Red Rocket is an intentionally bad vibes experience, and while the film’s messaging is resolutely simplistic, it’s all kept afloat by Simon Rex’s year’s-best performance.
It’s been far too long since we’ve been graced with a legitimate performance from Simon Rex a.k.a Dirt Nasty, the most esteemed white boy rapper turned comedy superstar. Thriving in the 2000s as both pop musician and the star of the post-Wayans Scary Movies, Rex lost his hold on audiences as sensibilities drifted away from the crass and bawdy and toward dopey, Mike Schur-style comedy. But of course, it’s this archetypal Hollywood journey that’s of particular interest to filmmaker Sean Baker, who has savvily cast Rex in his latest feature Red Rocket as washed-up porn star Mikey Saber, sent scurrying back to his hometown after the collapse of his fringe celebrity.
For Mikey, home is Texas City, Texas, a factory town left behind by the globalized economy, though fiery smokestacks still dot the horizon. Set during the lead-up to the 2016 U.S. election (something Baker refuses to let us forget), Red Rocket catches up with Mikey over a decade after he left for L.A. to pursue a career in porn; now bruised, destitute, and desperate to squirm back into the good graces of his ex-wife and mother-in-law. Initially a tale of a man humbled, Red Rocket quickly pivots to being a character study by way of political allegory, revealing Mikey as a narcissist incapable of humility, positioning him as a parallel Donald Trump figure. The film’s first hour traces out his efforts to reestablish himself in this isolated Texas town (getting back in with his ex, setting himself up as the go-to weed-slinger for the oil workers), while the second finds him attempting to undo it all after a chance encounter with Strawberry (Suzanna Son), a Lolita-esque figure (age 17) Mikey envisions as a star performer in the adult film industry, and also his means of getting back to California.

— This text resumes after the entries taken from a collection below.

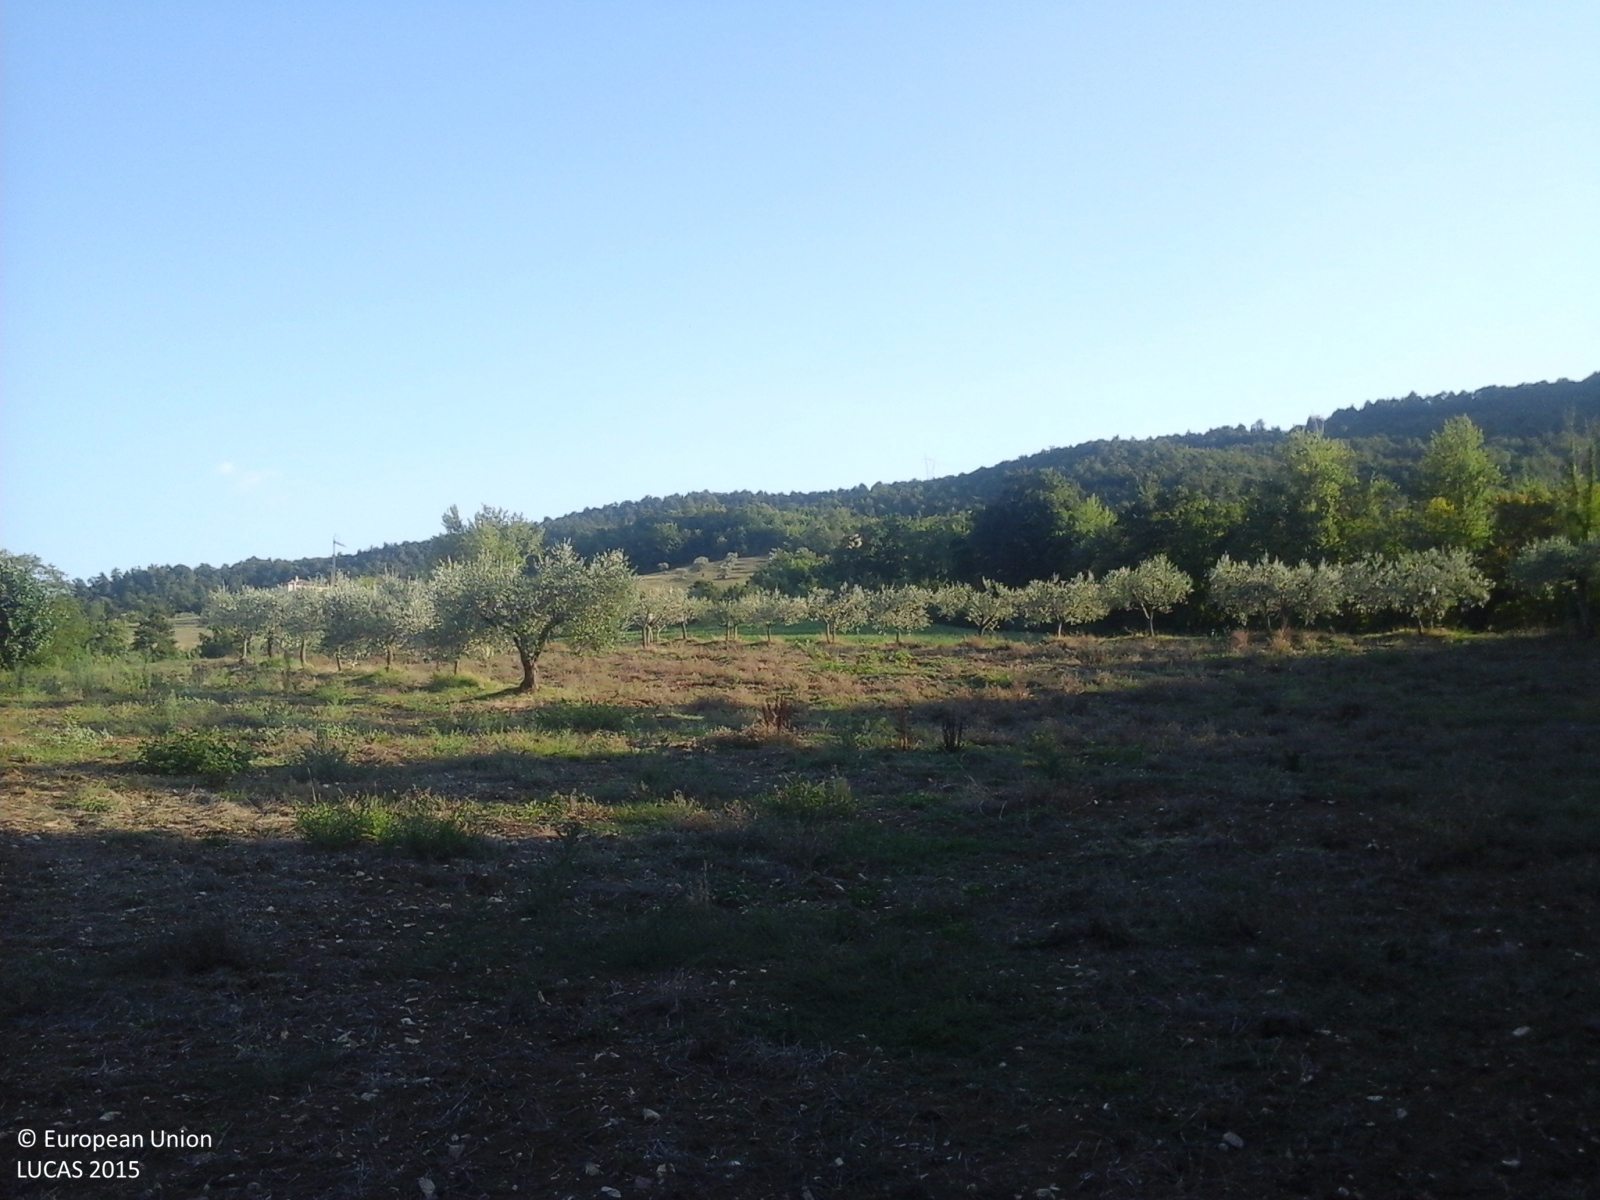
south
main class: Woodland
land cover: Broadleaved woodland
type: thermophilous deciduous forest
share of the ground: > 75 %
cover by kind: broadleaved forest trees 70 %, shrubs 20 %, herbaceous plants 10 %
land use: Forestry
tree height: > 5 m
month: August
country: IT
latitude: 42.8254
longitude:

Pushing his usual queasy blend of biting comedy and bleak social realism to an extreme yet unreached, Baker takes a gamble with Red Rocket, centering this movie on a character who he’s kept as antagonist previously — Mikey brings to mind James Ransone’s pimp in Tangerine) and forcing his audience to inhabit his POV for a 130-minute runtime. A purposefully unpleasant experience, Red Rocket can’t really afford its runtime, nor the simplicity of its message (Trump won the presidency because America is rife with parasitic creeps like him), but Rex’s electric, skillfully balanced performance (recalling Elaine May’s pathetically cruel protagonists) and Drew Daniels’ zippy 16mm cinematography keep the film afloat. Dealing in bad vibes exclusively, Red Rocket isn’t without some appealingly bitter insights into contemporary American culture, but ultimately, Rex is the only one bringing fresh energy to the project, these observations on Trump’s America coming a few years too late. At the very least, Red Rocket will hopefully lead to more work for the great Dirt Nasty.